Part 2: Student Practice Questions

Conceptual Understanding

  1. In the context of LLMs, tokenization is most analogous to which economic concept?

    1. Calculating GDP from component expenditures
    2. Converting qualitative survey responses into Likert scales
    3. Aggregating individual demand curves into market demand
    4. Transforming nominal values into real values using a price index
  2. Explain why word embeddings are more powerful than simple word-counting methods for analyzing economic text. Provide one concrete example related to monetary policy analysis.

  3. “The attention mechanism in transformers works similarly to an economist identifying which variables in a regression have the largest coefficients.” Justify your answer.

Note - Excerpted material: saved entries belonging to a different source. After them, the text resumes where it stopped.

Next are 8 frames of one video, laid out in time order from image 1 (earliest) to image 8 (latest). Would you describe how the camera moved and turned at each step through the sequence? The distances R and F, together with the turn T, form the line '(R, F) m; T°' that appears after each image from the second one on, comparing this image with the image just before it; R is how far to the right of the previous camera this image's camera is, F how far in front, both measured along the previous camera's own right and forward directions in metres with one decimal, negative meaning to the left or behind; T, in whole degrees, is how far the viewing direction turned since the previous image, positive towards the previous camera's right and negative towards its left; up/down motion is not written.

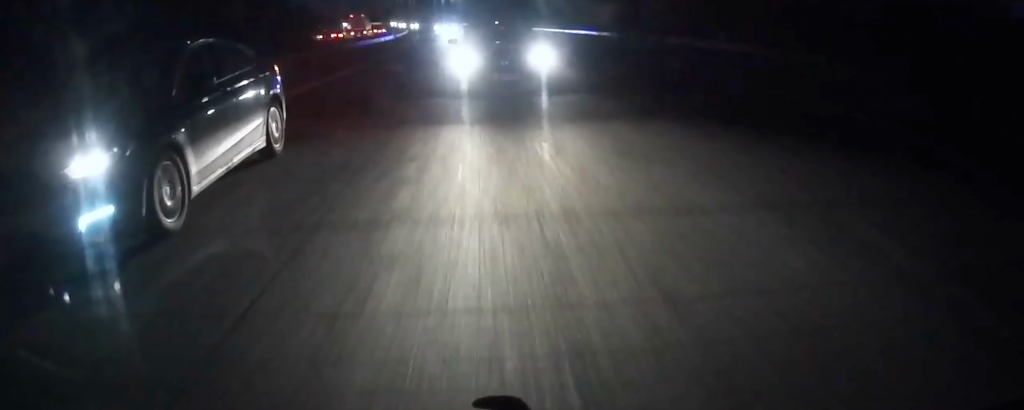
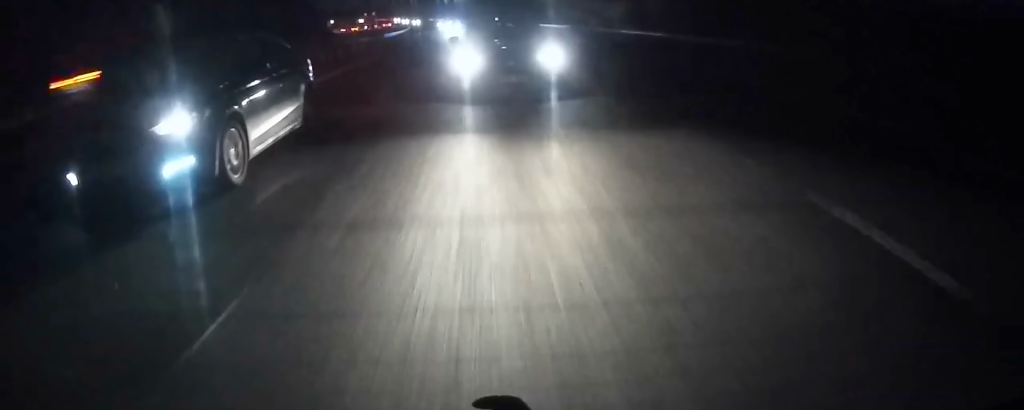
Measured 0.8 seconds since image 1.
(0.0, +18.2) m; +1°
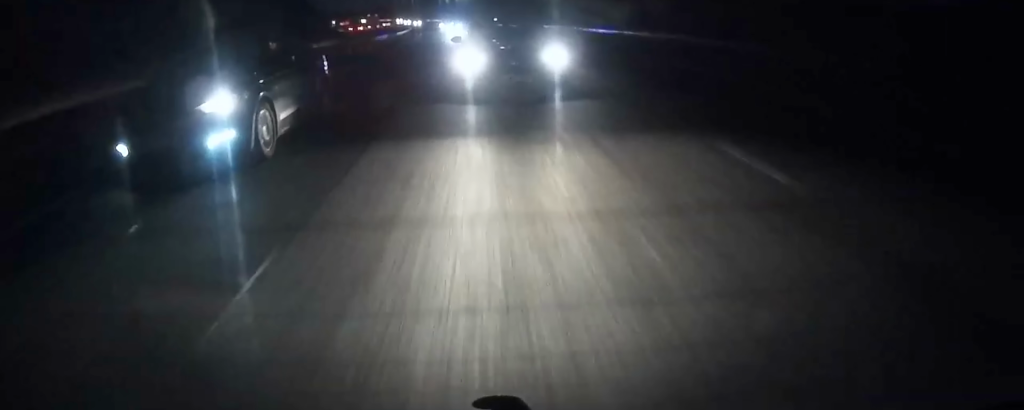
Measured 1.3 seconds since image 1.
(-0.2, +11.4) m; +1°
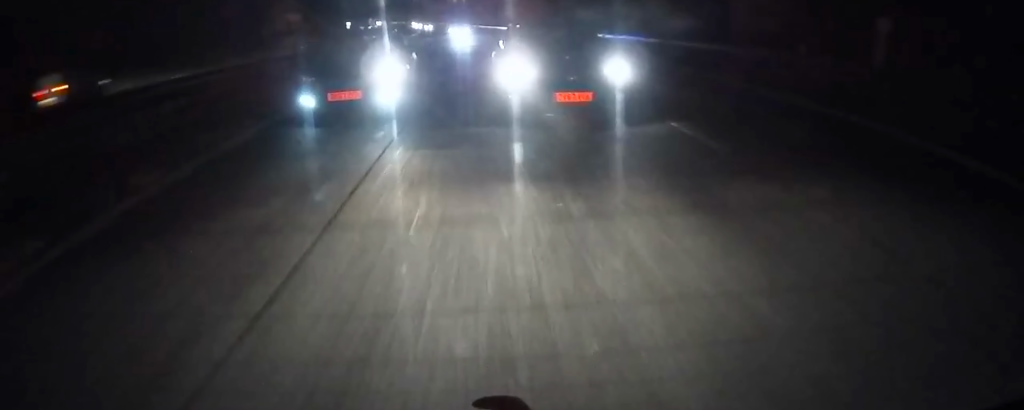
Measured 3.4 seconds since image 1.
(+1.1, +46.8) m; +1°
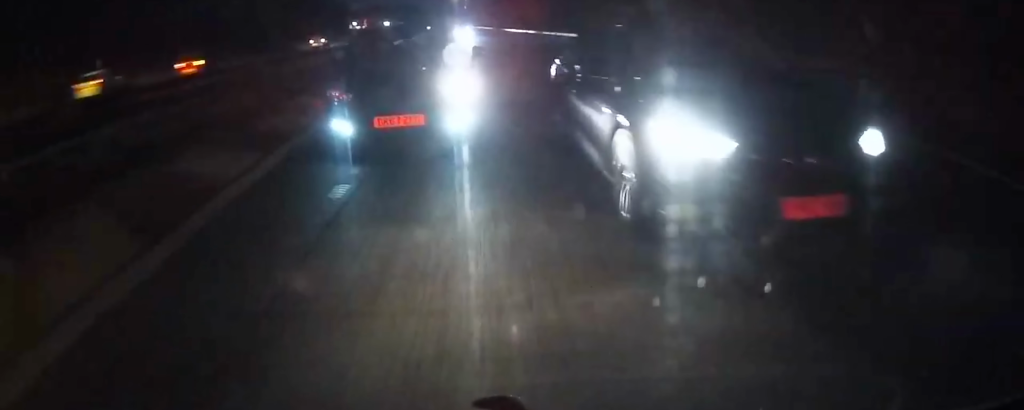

  4. When an LLM “hallucinates” a non-existent Federal Reserve working paper, this primarily occurs because:

    1. The model lacks sufficient parameters to store all economic knowledge
    2. The model optimizes for plausible-sounding text rather than factual accuracy
    3. Economic terminology wasn’t well-represented in the training data
    4. The temperature parameter was set too low during generation
  5. Describe how positional encoding solves a problem that would be particularly problematic when analyzing economic time series narratives (e.g., “First inflation rose, then the Fed acted”).

  6. You’ve trained a simplified Word2Vec CBOW model on economics texts. The 3-dimensional embeddings for key terms are:

    "inflation"  = [ 0.85,  0.30, -0.20]
    "deflation"  = [-0.78,  0.25, -0.15]
    "wages"      = [ 0.40,  0.65,  0.10]
    "prices"     = [ 0.75,  0.20, -0.30]
    1. Calculate the vector result of: "inflation" – "prices" + "wages"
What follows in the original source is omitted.